If you attended USGBC’s first-ever Legal Forum last Thursday during Greenbuild 2010 in Chicago, you heard me mention that the Washington State Building Code Council, along with defendant-intervenors NW Energy Coalition, the Sierra Club, Washington Environmental Council and NRDC, has moved for summary judgment in the federal action filed against it by the Building Industry Association of Washington. As you will recall, the suit was filed on May 25, 2010 in United States District Court for the Western District of Washington and alleges that certain amendments to the Washington State Energy Code that were slated to take effect on July 1 are preempted by various federal regulations on the basis that they require homes to have HVAC, plumbing, or water heating equipment whose efficiency exceeds controlling federal standards. A copy of the motion papers are available for download here.
The papers are an important read if you are interested in the mechanics of how the Energy Policy and Conservation Act’s “building code exception” applies to local-level residential building codes. As you will recall, the building code exception is set forth in 42 U.S.C § 6297(f) and allows state and local governments to set energy efficiency targets for new residential construction which can be reached with equipment or products whose efficiencies exceed federal standards, provided the enabling legislation also includes other means to achieve the targets with products that do not exceed the federal standards. What’s most interesting about the motion papers is that the BIAW defendants walk the disputed Washington energy code amendments through each of the prongs of the 7-part building code exception, concluding that the code satsfies its requirements.

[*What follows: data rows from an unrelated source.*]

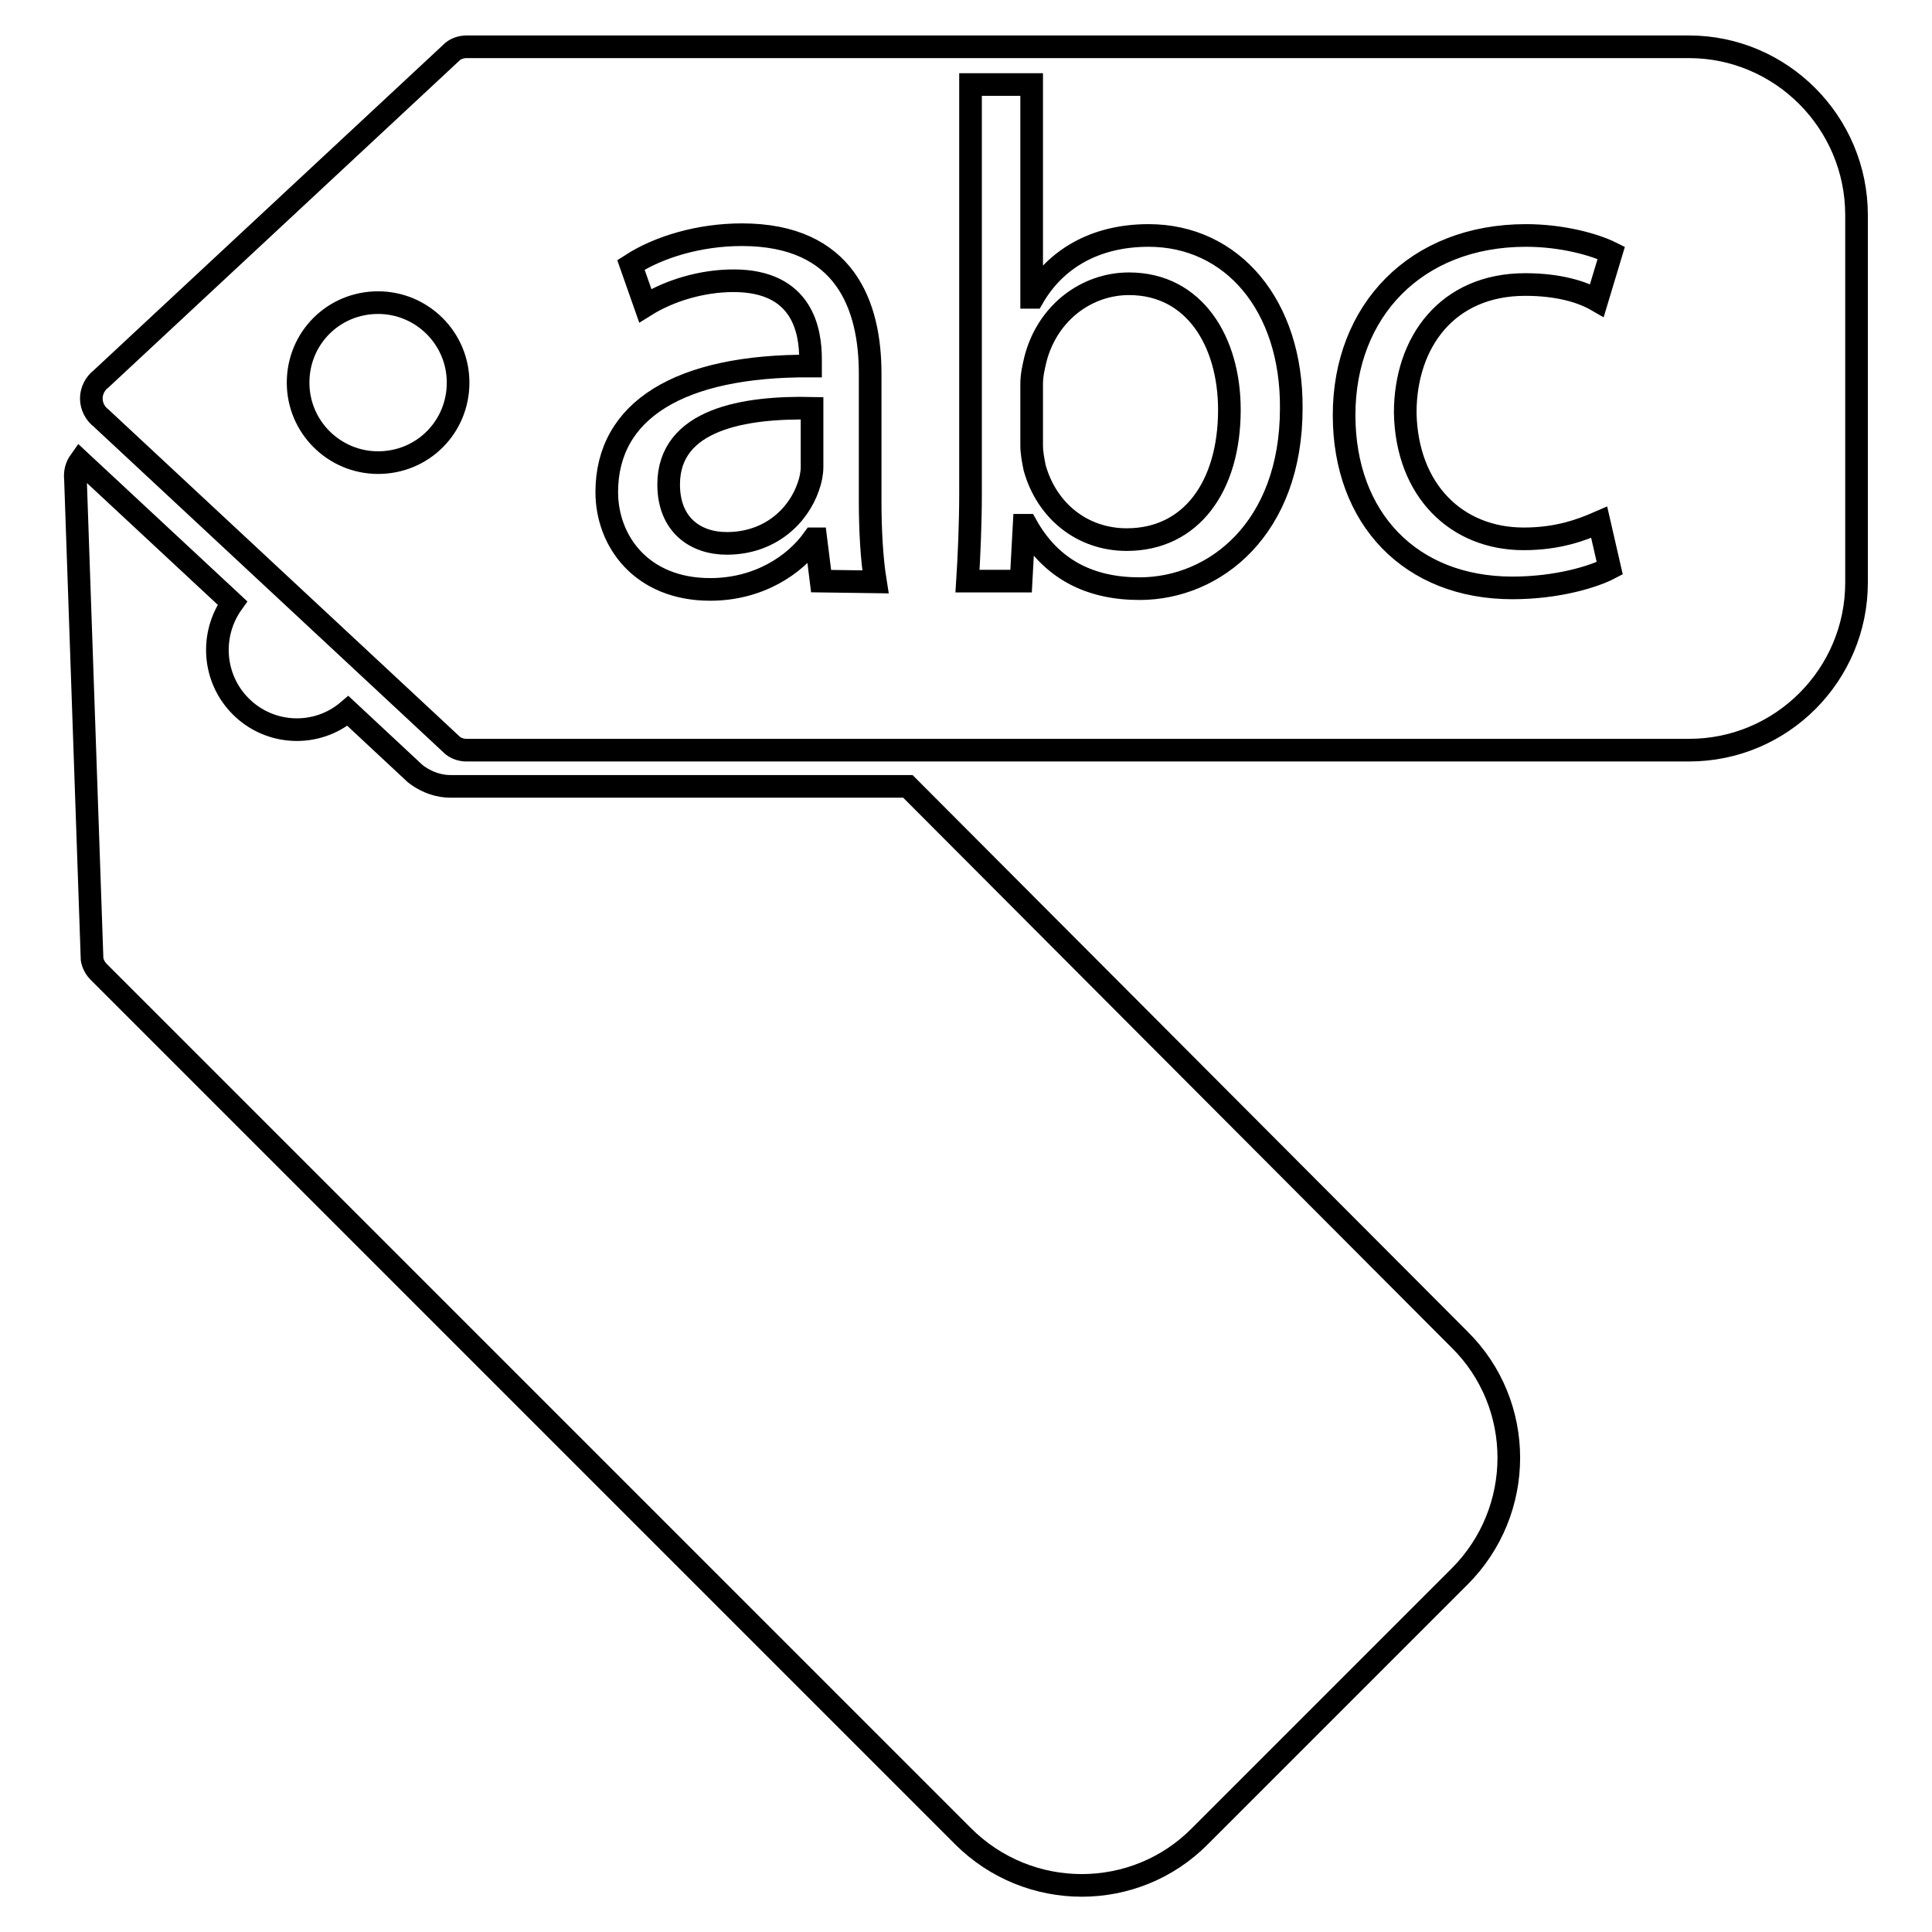 <?xml version="1.0" encoding="utf-8"?>
<!-- Svg Vector Icons : http://www.onlinewebfonts.com/icon -->
<!DOCTYPE svg PUBLIC "-//W3C//DTD SVG 1.1//EN" "http://www.w3.org/Graphics/SVG/1.1/DTD/svg11.dtd">
<svg version="1.1" xmlns="http://www.w3.org/2000/svg" xmlns:xlink="http://www.w3.org/1999/xlink" x="0px" y="0px" viewBox="0 0 256 256" enable-background="new 0 0 256 256" xml:space="preserve">
<g><g><g><g><path stroke-width="3" fill-opacity="0" stroke="#000000"  d="M120.3,104.2H59.7c-1.5,0-3-0.5-4.3-1.4l-0.4-0.3l-8.9-8.3c-4.1,3.5-10.3,3.3-14.2-0.6c-3.7-3.7-4.1-9.5-1.1-13.7L10.6,61.1c-0.5,0.7-0.7,1.5-0.6,2.4l2.2,63.6c0.1,0.6,0.4,1.2,0.9,1.7l114.5,114.5c8.7,8.7,22.8,8.7,31.4,0l34.4-34.4c8.7-8.7,8.7-22.8,0-31.4L120.3,104.2z"/><path stroke-width="3" fill-opacity="0" stroke="#000000"  d="M223.8,6.2h-162c-0.6,0-1.3,0.2-1.8,0.6L13.4,50.2c-0.8,0.6-1.3,1.6-1.3,2.6c0,1,0.5,2,1.3,2.6L60,98.8c0.5,0.4,1.2,0.6,1.8,0.6h162c12.3,0,22.2-10,22.2-22.2V28.5C246,16.2,236,6.2,223.8,6.2z M50.1,61.3c-5.8,0-10.6-4.7-10.6-10.6s4.7-10.6,10.6-10.6c5.8,0,10.6,4.7,10.6,10.6S56,61.3,50.1,61.3z M108.8,77l-0.7-5.6h-0.3c-2.5,3.5-7.3,6.7-13.7,6.7c-9.1,0-13.7-6.4-13.7-12.9c0-10.8,9.6-16.8,27-16.7v-0.9c0-3.7-1-10.4-10.2-10.4c-4.2,0-8.5,1.3-11.7,3.3l-1.9-5.4c3.7-2.4,9.1-4,14.7-4c13.7,0,17,9.4,17,18.4v16.8c0,3.9,0.2,7.7,0.7,10.8L108.8,77L108.8,77z M151,78c-6.5,0-11.7-2.5-15-8.4h-0.3l-0.4,7.4h-7.1c0.2-3.1,0.4-7.6,0.4-11.6V11.2h8.1v28.2h0.2c2.9-5,8.1-8.2,15.3-8.2c11.1,0,19,9.3,18.9,22.9C171.1,70,161,78,151,78z M201.9,71.4c4.6,0,7.7-1.2,10-2.2l1.4,6.1c-2.1,1.1-6.9,2.6-12.9,2.6c-13.5,0-22.3-9.2-22.3-22.9c0-13.8,9.5-23.8,24.1-23.8c4.8,0,9.1,1.2,11.3,2.3l-1.9,6.3c-1.9-1.1-5-2.1-9.5-2.1c-10.3,0-15.9,7.6-15.9,17C186.4,65,193,71.4,201.9,71.4z"/><path stroke-width="3" fill-opacity="0" stroke="#000000"  d="M88.6,64.2c0,5.3,3.5,7.8,7.7,7.8c5.8,0,9.5-3.7,10.8-7.5c0.3-0.8,0.5-1.8,0.5-2.6v-7.8C98.7,53.9,88.6,55.5,88.6,64.2z"/><path stroke-width="3" fill-opacity="0" stroke="#000000"  d="M149.6,37.6c-5.6,0-10.8,3.8-12.4,10c-0.2,0.9-0.5,2-0.5,3.3V59c0,1,0.2,2,0.4,3c1.6,5.7,6.3,9.5,12.2,9.5c8.5,0,13.6-7,13.6-17.2C162.9,45.3,158.3,37.6,149.6,37.6z"/></g></g><g></g><g></g><g></g><g></g><g></g><g></g><g></g><g></g><g></g><g></g><g></g><g></g><g></g><g></g><g></g></g></g>
</svg>

The defendants also note on page 41 of their summary judgment motion that there is “only one other federal court opinion that directly addresses the question of federal preemption of a building energy code.” That opinion, of course, is Judge Vazquez’ in AHRI et al. v. City of Albuquerque, which we wrote about here at GRELJ earlier this fall. However, the BIAW defendants do note in their motion that Judge Vazquez’ opinion – which granted summary judgment to the AHRI plaintiffs on the prescriptive compliance paths, and not the performance-based paths – will thus not be all that helpful to the Western District as it considers this motion. “[N]othing in AHRI undermines the conclusion that [the disputed amendments to the Washington code fall] within EPCA’s express exemption from preemption,” they write.
My thanks to Cullen Howe for passing along a copy of the motion papers in BIAW; we’ll be keeping a close eye on both this motion and what’s next in AHRI over the coming weeks here at GRELJ.